*** SOURCE MATERIAL Section Begins ***

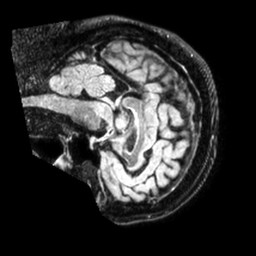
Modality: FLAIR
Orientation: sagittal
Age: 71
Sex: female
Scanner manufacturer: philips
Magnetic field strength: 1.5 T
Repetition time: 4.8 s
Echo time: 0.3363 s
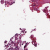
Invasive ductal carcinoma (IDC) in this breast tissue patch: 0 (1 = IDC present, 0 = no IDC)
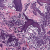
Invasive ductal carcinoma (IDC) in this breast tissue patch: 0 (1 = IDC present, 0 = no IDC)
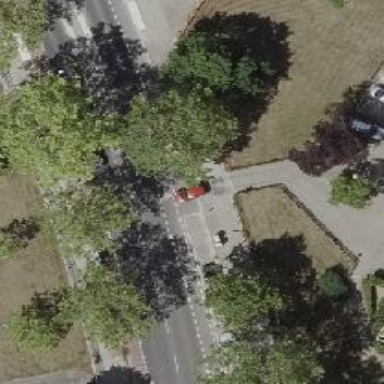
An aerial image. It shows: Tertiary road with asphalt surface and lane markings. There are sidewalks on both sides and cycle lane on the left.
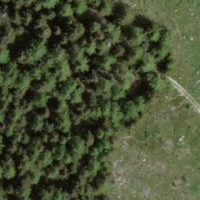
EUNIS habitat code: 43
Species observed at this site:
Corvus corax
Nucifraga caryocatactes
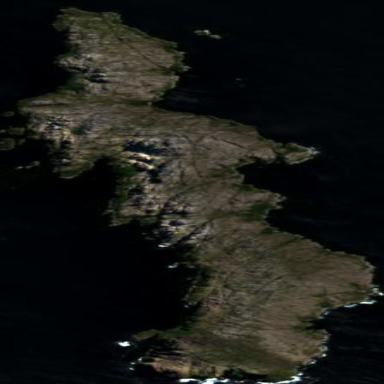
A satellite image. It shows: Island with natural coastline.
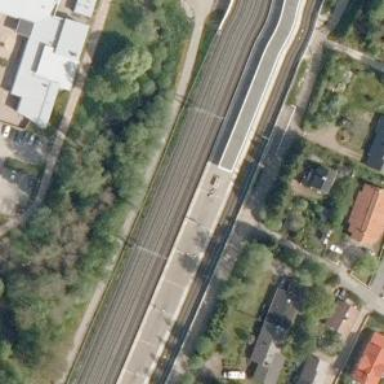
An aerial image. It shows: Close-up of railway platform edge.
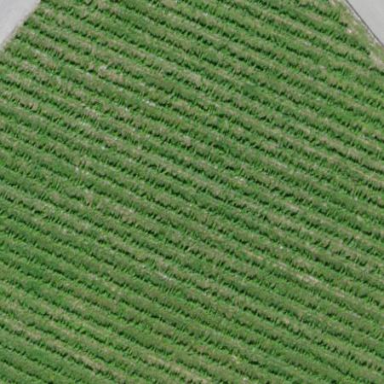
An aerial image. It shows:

*** SOURCE MATERIAL Section Ends ***
*** SOURCE MATERIAL Section Begins ***

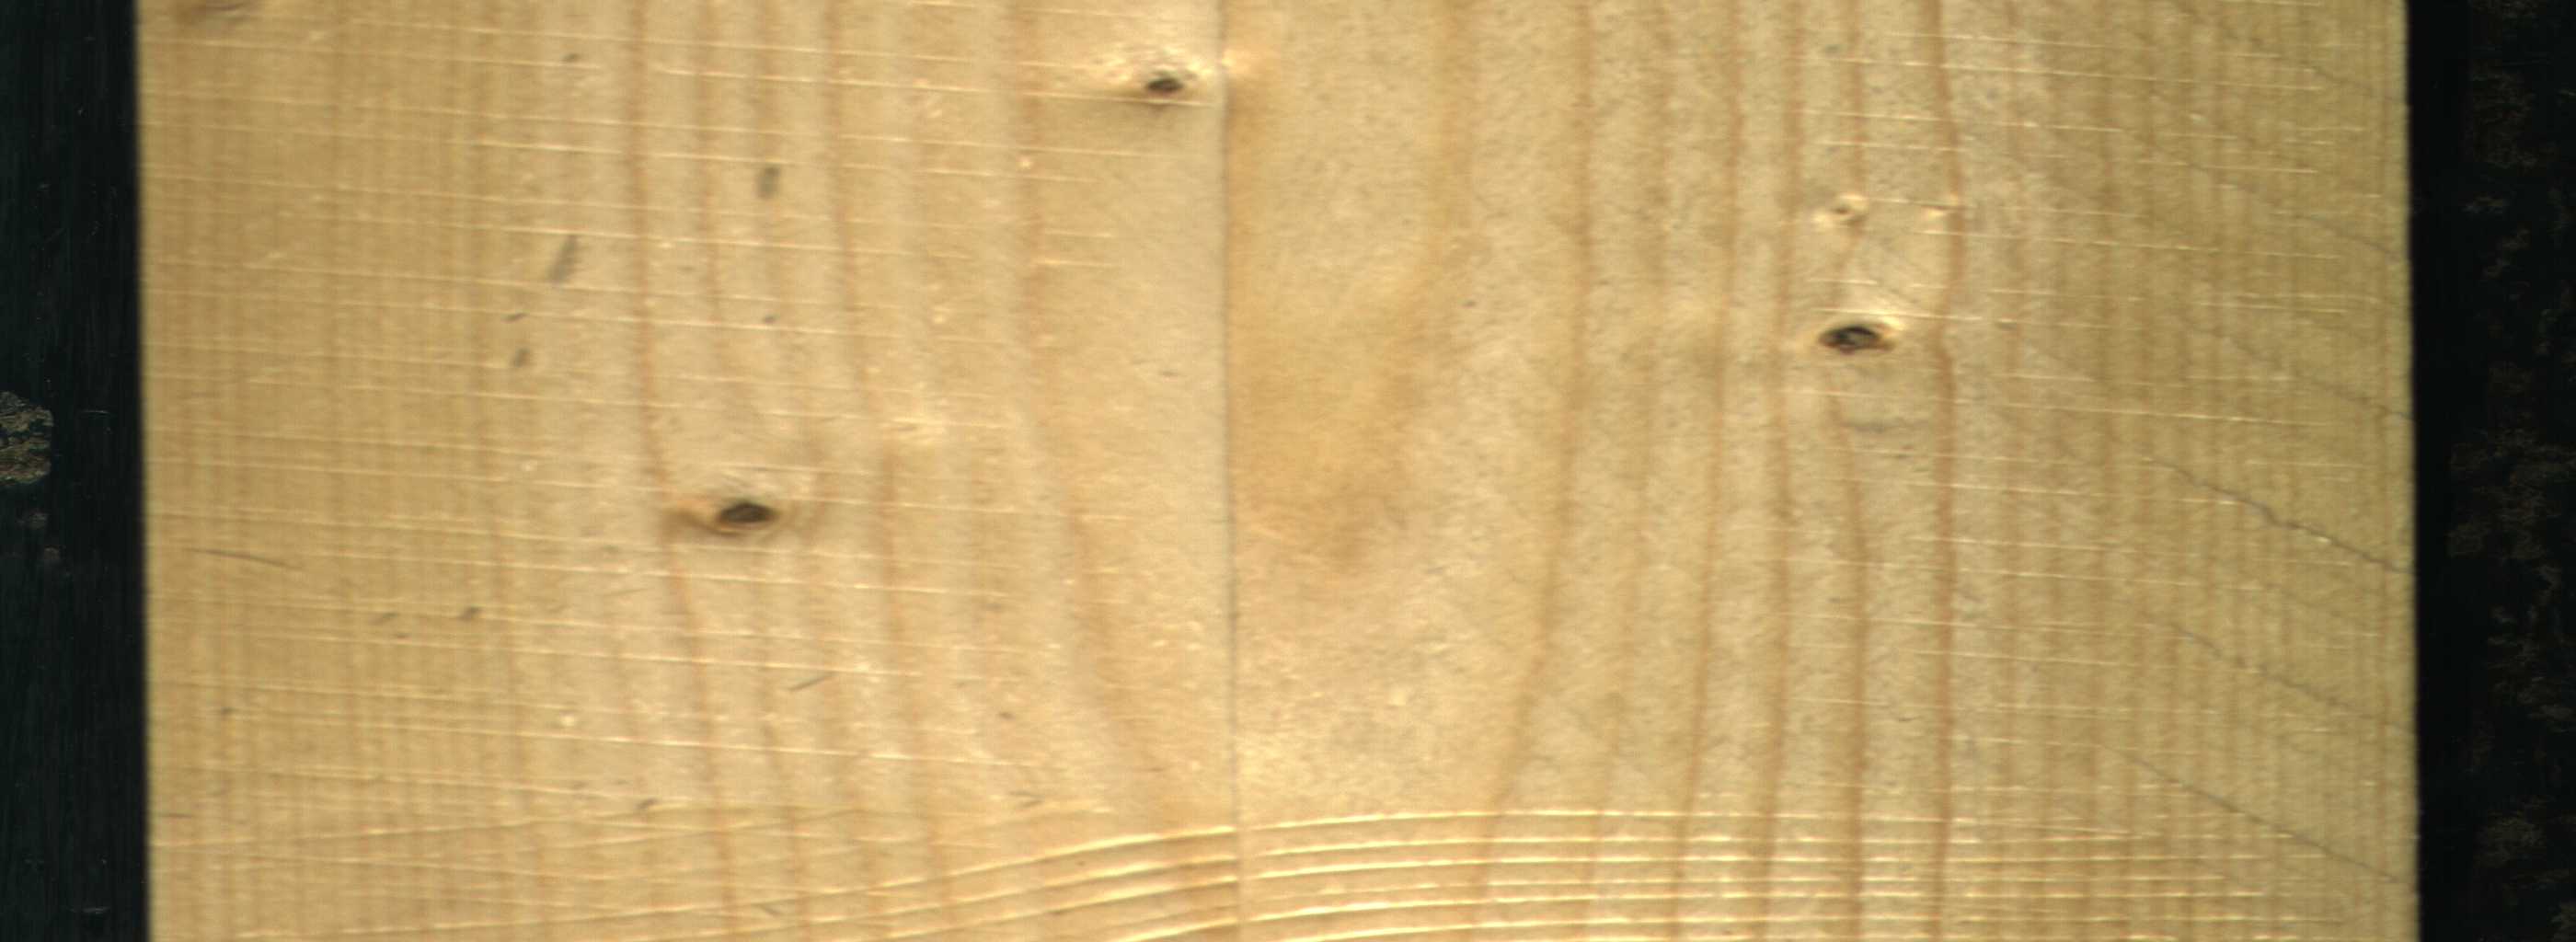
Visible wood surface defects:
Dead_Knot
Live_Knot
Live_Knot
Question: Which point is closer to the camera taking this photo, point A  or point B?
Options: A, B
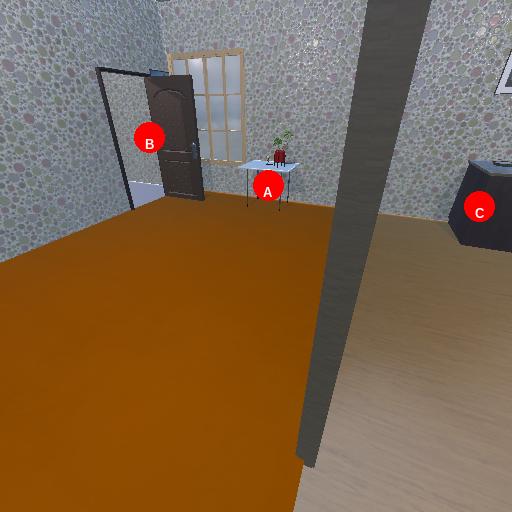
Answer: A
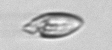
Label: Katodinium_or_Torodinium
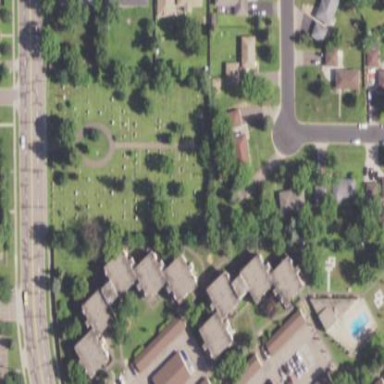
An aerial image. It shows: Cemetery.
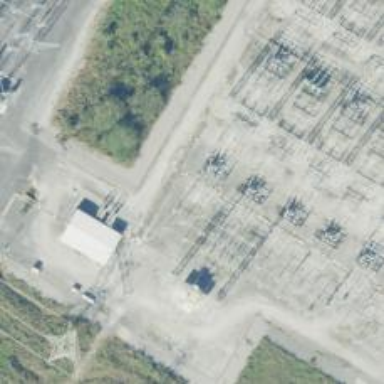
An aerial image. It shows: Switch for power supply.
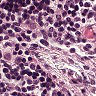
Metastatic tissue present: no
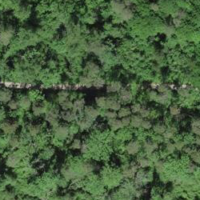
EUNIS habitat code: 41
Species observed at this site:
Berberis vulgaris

*** SOURCE MATERIAL Section Ends ***

EXERCISE AIM –
Above is the material; set down exactly its lines from the one containing "Echo time: 0.3363 s" down to the one containing "A satellite image.", both included, leaving out any pictures.

SOLUTION FOR THIS TASK –
Echo time: 0.3363 s
Invasive ductal carcinoma (IDC) in this breast tissue patch: 0 (1 = IDC present, 0 = no IDC)
Invasive ductal carcinoma (IDC) in this breast tissue patch: 0 (1 = IDC present, 0 = no IDC)
An aerial image. It shows: Tertiary road with asphalt surface and lane markings. There are sidewalks on both sides and cycle lane on the left.
EUNIS habitat code: 43
Species observed at this site:
Corvus corax
Nucifraga caryocatactes
A satellite image. It shows: Island with natural coastline.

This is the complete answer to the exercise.